Заместитель председателя исполкома знал Костенко — он ходил к нему уже второй год, и поэтому сегодня утром принял его особенно приветливо, усадил в кресло и угостил папиросами «Герцеговина-Флор».
— Знаю, знаю, — сказал он, — в ближайшее время поможем. Вы поймите положение, товарищ… Трудное у нас положение, очередь-то громадная…
— Я — первоочередник, а уже два года все это тянется. То одних вместо меня пускают, то других… Непорядок получается… Всякому терпению приходит конец — рано или поздно…
— Вы работник органов, товарищ Костенко, сознательности у вас побольше, чем у других. Так что не надо бы вам о терпении…
— У меня ведь дочке три годика, товарищ дорогой… Когда все-таки квартиру дадите?
— Зимой, — сказал зампред и что-то пометил у себя на календаре толстым красным карандашом, — обязательно зимой.
— Так ведь и в прошлом году вы обещали дать зимой…
— Я помню, — поморщился заместитель председателя и сухо закончил: — Можете, в конце концов, написать на меня жалобу.
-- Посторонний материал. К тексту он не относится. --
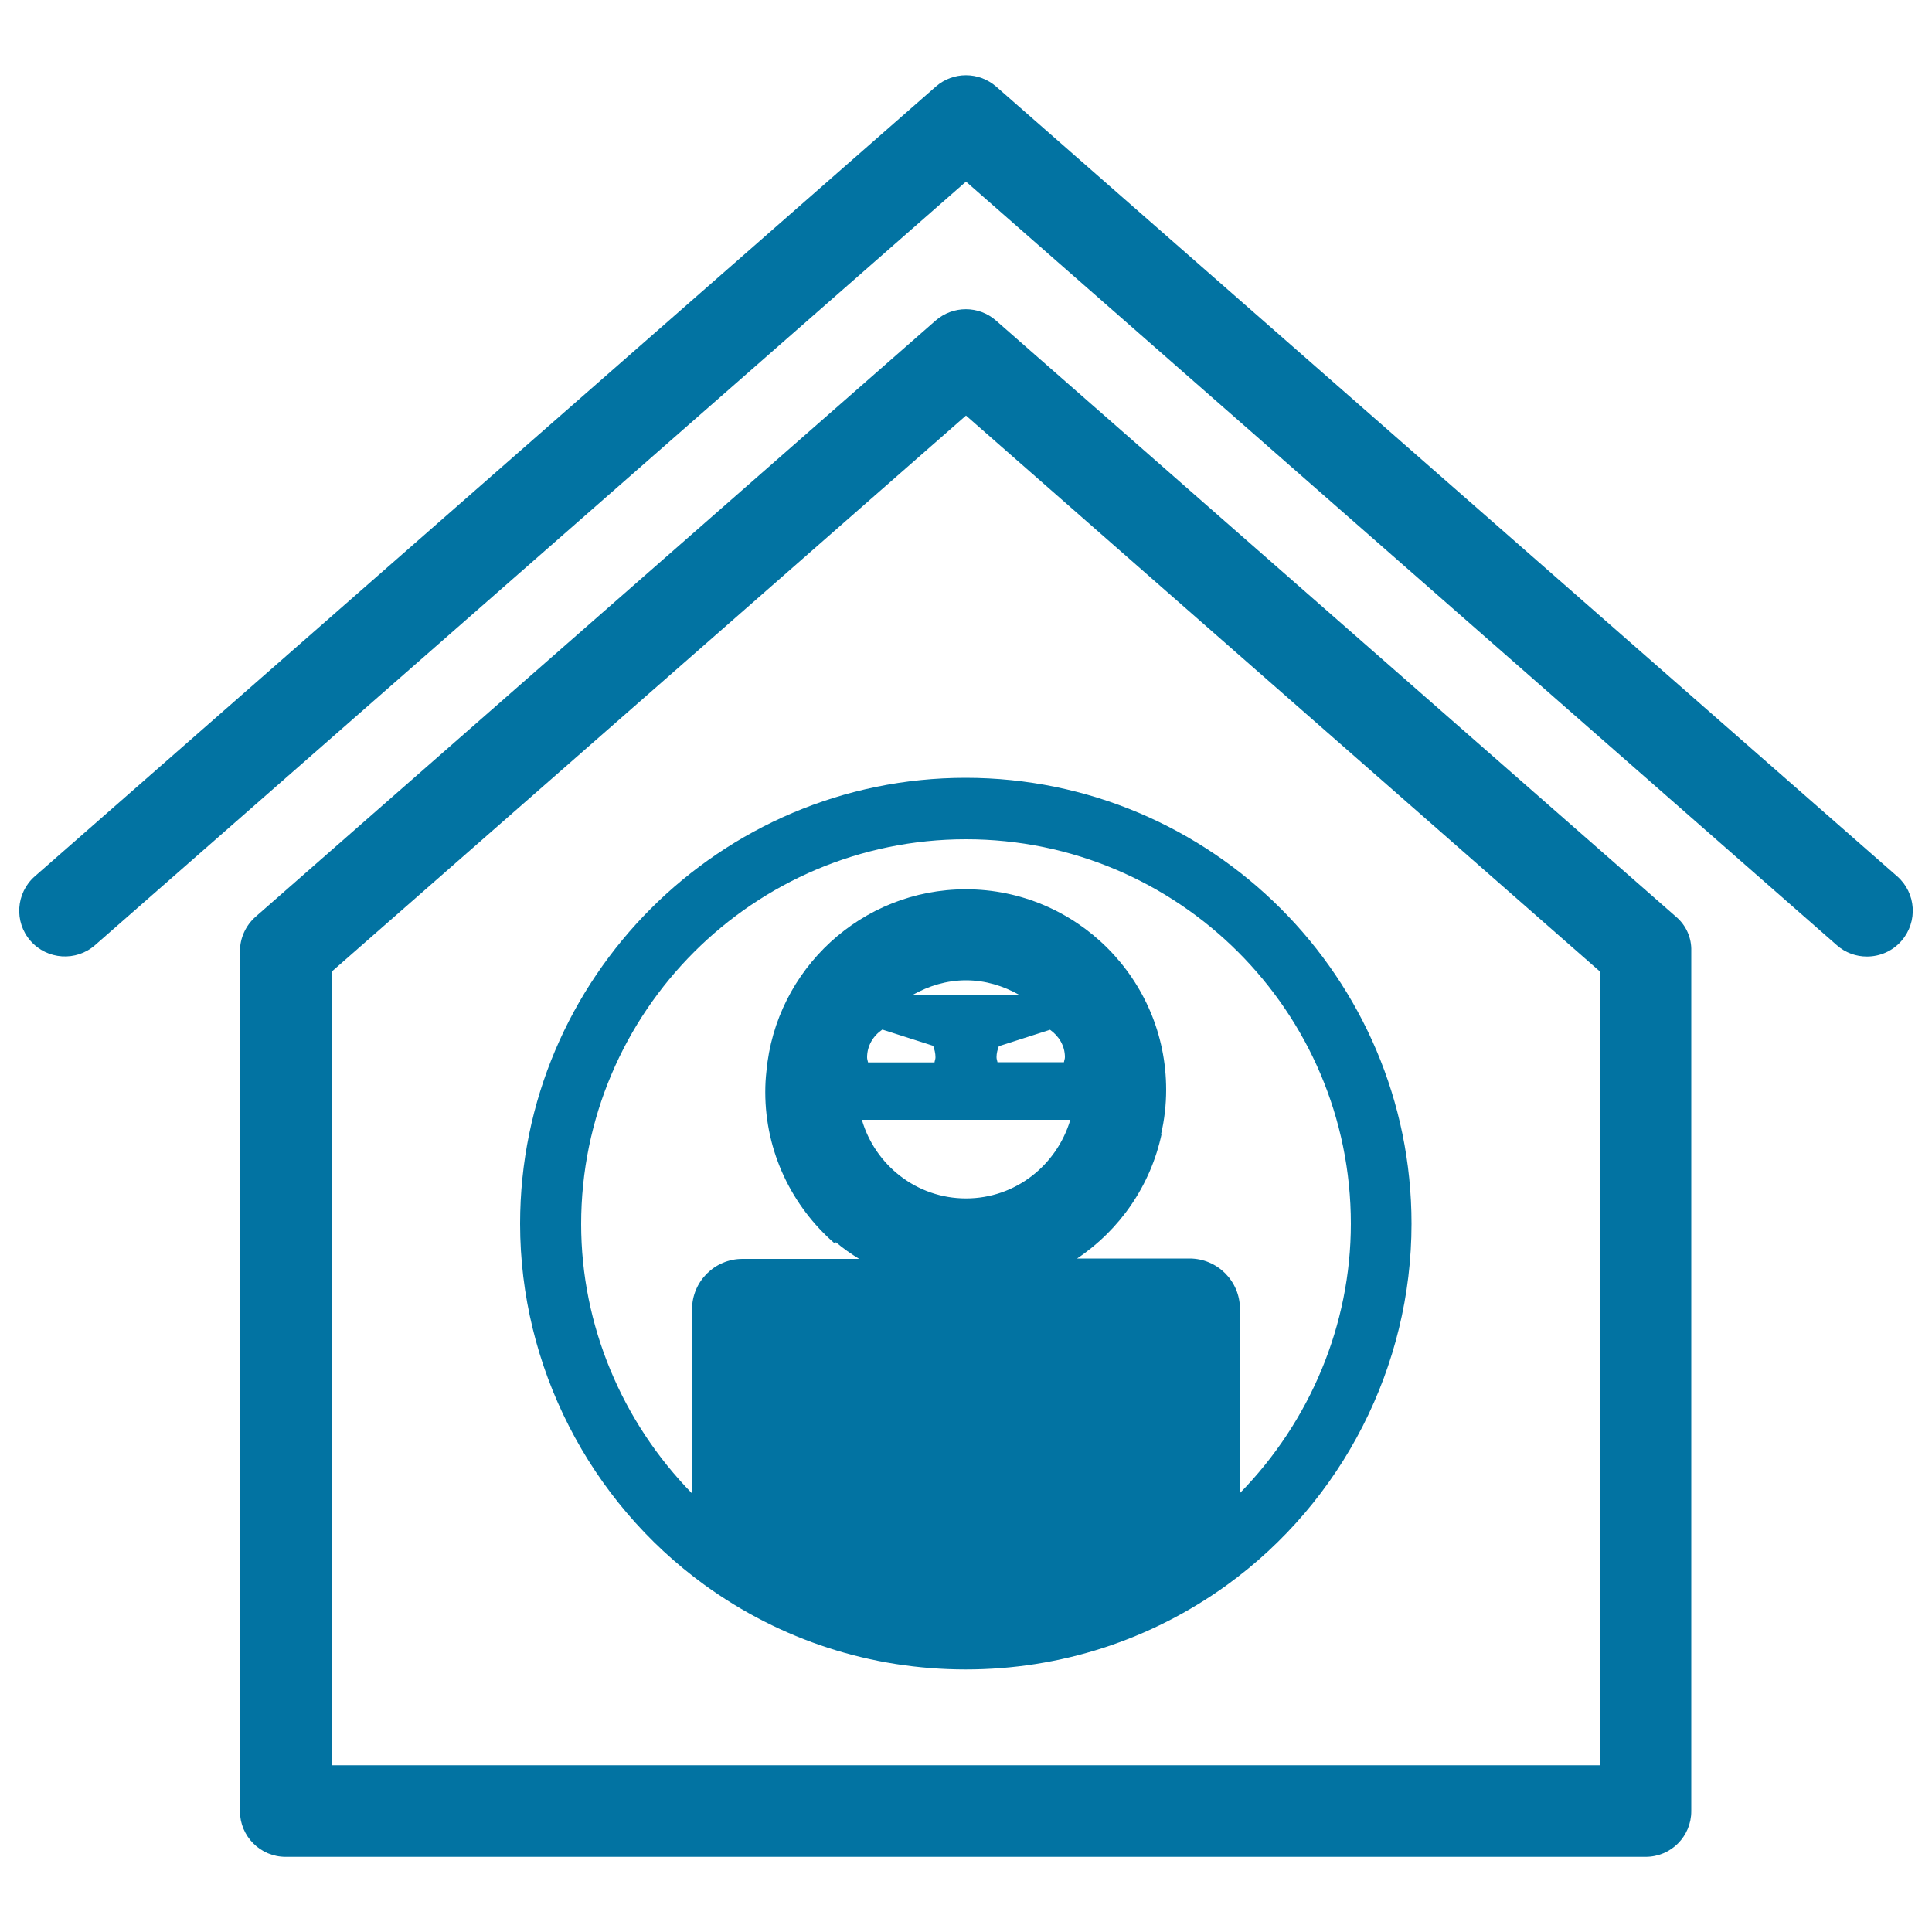 <svg xmlns="http://www.w3.org/2000/svg" viewBox="0 0 1000 1000" style="fill:#0273a2">
<title>Home Surveillance SVG icon</title>
<g><g><path d="M966.3,495.1c-5.5,0-11.1-1.9-15.6-5.9L500,94L49.2,489.2c-9.8,8.6-24.8,7.6-33.4-2.2c-8.6-9.8-7.6-24.8,2.2-33.4L484.4,44.8c8.9-7.8,22.2-7.8,31.2,0l466.4,408.8c9.8,8.6,10.8,23.5,2.2,33.4C979.5,492.4,972.9,495.1,966.3,495.1z"/></g><g><path d="M867.5,474.5l-352-308.6c-8.9-7.8-22.2-7.8-31.2,0l-352,308.6c-5.1,4.5-8.1,11-8.1,17.8v445.2c0,13,10.6,23.6,23.6,23.6h704c13.1,0,23.6-10.6,23.6-23.6V492.2C875.6,485.4,872.7,478.9,867.5,474.5z M828.3,913.7H171.7V502.9L500,215.1l328.3,287.9C828.3,502.9,828.3,913.7,828.3,913.7z"/><path d="M269.2,633.4c0,73.7,35.7,143.5,95.4,186.9c39.6,28.7,86.4,43.8,135.3,43.8c48.9,0,95.7-15.2,135.3-43.8c59.8-43.4,95.4-113.2,95.4-186.9c0-127.2-103.5-230.8-230.8-230.8C372.8,402.6,269.2,506.2,269.2,633.4z M500,620.3c-25.6,0-47.1-17.3-53.9-40.7h65.1h15.7h27.1C547,603.1,525.6,620.3,500,620.3z M472.5,514.9c8.2-4.6,17.5-7.5,27.5-7.5c10,0,19.3,2.9,27.5,7.5H472.5z M543.5,533c4.5,3.2,7.7,8.2,7.7,14.2c0,0.9-0.4,1.7-0.5,2.6h-34.4c-0.2-0.9-0.5-1.7-0.5-2.6c0-2,0.5-3.9,1.2-5.7L543.5,533z M483,541.3c0.7,1.9,1.2,3.8,1.2,6c0,0.9-0.4,1.7-0.5,2.6h-34.4c-0.2-0.9-0.5-1.7-0.5-2.6c0-6.1,3.2-11.2,7.9-14.4L483,541.3z M699.2,633.4c0,52.4-21.2,102.4-57.4,139.4v-95.3c0-14.4-11.7-26.1-26.1-26.1h-58.2c22.1-14.8,38.1-37.8,43.8-64.7l-0.3,0.2c1.7-7.4,2.6-15,2.6-22.9c0-57.2-46.5-103.7-103.7-103.7c-54,0-98.4,41.5-103.2,94.2c-0.4,3.5-0.6,7-0.6,10.7c0,31.2,13.9,59.2,35.8,78.3l0.8-0.5c3.7,3.2,7.8,6,12,8.6h-24.8h-35.6c-14.4,0-26.1,11.7-26.1,26.1v15.3v56.9v23.1c-36.2-37-57.4-87-57.4-139.4c0-109.9,89.4-199.2,199.2-199.2S699.2,523.5,699.2,633.4z"/></g></g>
</svg>

Поэтому Костенко шел хмурый и злой. Он думал о том, куда девать Машу и Аришку осенью; он думал о том, что снова придется жить у тещи или ворочаться с боку на бок в своей одинокой комнате, а утром, перед работой, заскакивать на пять минут туда, на Кропоткинскую, целовать в щеку жену, класть на кроватку Аришке конфету и уходить на весь день, до следующего утра.
— Мамаша, — спросил Садчиков лифтершу, — а у вас к-кабина вниз ходит?
— Еще чего! — ответила лифтерша. — Жильцы тогда в ней пианины будут спускать. Только вверх, а оттеда — одиннадцатым номером. Лестница покатая у нас, хорошая лестница, не грех и спуститься пехом…
— Костик не уходил сегодня?
— Из восьмой квартеры? Так он тут не живет уж месяц.
— У Маруськи, наверное? — спросил Росляков, быстро назвав первое пришедшее на ум женское имя.
— У него этих Марусек тыща. Поди узнай, у какой он дремлет.
— Уж и д-дремлет, — сказал Садчиков и открыл дверь лифта. — А ты, Валя, пешочком, по лестнице, она у них покатая…
Они остановились около восьмой квартиры. Негромко постучали в дверь. Никто не отозвался. Садчиков постучал громче. Где-то в соседней квартире было включено радио. Передавали концерт эстрадной музыки, и Садчиков заметил, как у подошедшего Вали Рослякова нога сама по себе стала выбивать такт.
— Иди в д-домоуправление, — шепнул Садчиков Костенко, — пусть шлют понятых и слесаря — взламывать б-будем.
Обыск в квартире, где жил Константин Назаренко, 1935 года рождения, холостой, без определенных занятий, судимый в 1959 году за хулиганство и взятый на поруки коллективом производственных мастерских ГУМа, где он работал в то время экспедитором, ничего не дал. Однокомнатная квартира была почти пуста, только вдоль стен стояли бутылки из-под коньяка и водки и пустые консервные банки, в основном рыбные.
Росляков начал списывать номера телефонов, нацарапанных на стене.
— Между прочим, одни женские имена.
— Это по твоей линии, — сказал Костенко. — В женских именах ты дока.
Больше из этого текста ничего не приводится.